Gut, nun gibt es ja unter Linux kein DirectX, aber ich möchte natürlich auch da 'ne leistungsfähige Gra-Ka. Ob das nun im Moment ausgenutzt wird oder nicht, aber zumindest für die Zukunft.

Gruß Steffen

----------

## MIT_Service

Generell ist die neue Nvidia GraKa Generation rein Hardwaretechnisch der ATI Konkurrenz überlegen - jetzt rein von den Möglichkeiten die sie dem Programmierer liefert. Nur gibtes im Moment noch niemanden der diese Funktionen verwendet hat, und deshalb kann man sie auch noch nciht benchmarken - evtl ändert sich das ja mit Doom3.

Das Problem von Nvidia ist halt das sie mit ihrer Karte generell die technischen Möglichkeiten ausgenutzt haben , aber nicht mit Fokus auf Optimierung von realer Spieleleistung. Also wenn du ne Karte zum zocken willst bist im mom Preistechnisch und Leistungstechnisch gut mit ner Radeon bedient (wenn du viel Win verwendest, denn unter Linux sind meines Wissens nach die Treiber echt nicht so der Hit).

Gespannt bin ich nur mal wie sich das mit den GF FX Karten weiterentwickelt.

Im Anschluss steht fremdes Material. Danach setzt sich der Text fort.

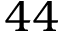
4 4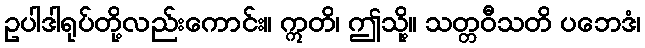
ဥပါဒါရုပ်တို့လည်းကောင်း။ ဣတိ၊ ဤသို့။ သတ္တဝီသတိ ပဘေဒံ၊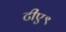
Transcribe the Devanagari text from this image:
टीए९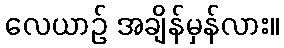
လေယာဉ် အချိန်မှန်လား။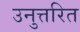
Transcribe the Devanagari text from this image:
उनुत्तरित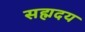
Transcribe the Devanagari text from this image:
सह्मदय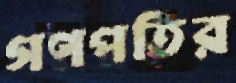
গণপতির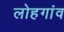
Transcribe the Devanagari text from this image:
लोहगांव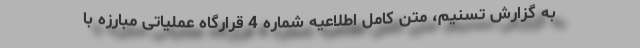
به گزارش تسنیم، متن کامل اطلاعیه شماره 4 قرارگاه عملیاتی مبارزه با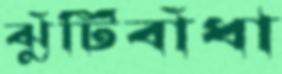
ঝুঁটিবাঁধা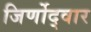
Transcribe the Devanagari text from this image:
जिर्णोद्वार

Von den technischen Daten her sind sie teilweise den Radeons haushoch überlegen. (und Carmack hat beim Release auch ziemlich von er FX geschwärmt - abe der hat ja ein etwas anderes Nutzerprofil als die meisten von uns...)

Außerdem bin ich bei dem Heise artikel eher skeptisch: siehe:http://www.heise.de/newsticker/foren/go.shtml?read=1&msg_id=4212953&forum_id=47223

----------

## Arkus

@MIT_Service:

Hast du die Half-Life 2 Benchmarks gesehn? Da ist selbst ne Radeon 9600Pro deutlich schneller als ne Geforce 5900 und Half-Life 2 sollte nun wirklich die Möglichkeiten einer Geforce FX ausnutzen. Auch Carmack sagt, dass ne Radeon deutlich schneller bei Doom ist, wenn man den Standardrenderpfad benutzt.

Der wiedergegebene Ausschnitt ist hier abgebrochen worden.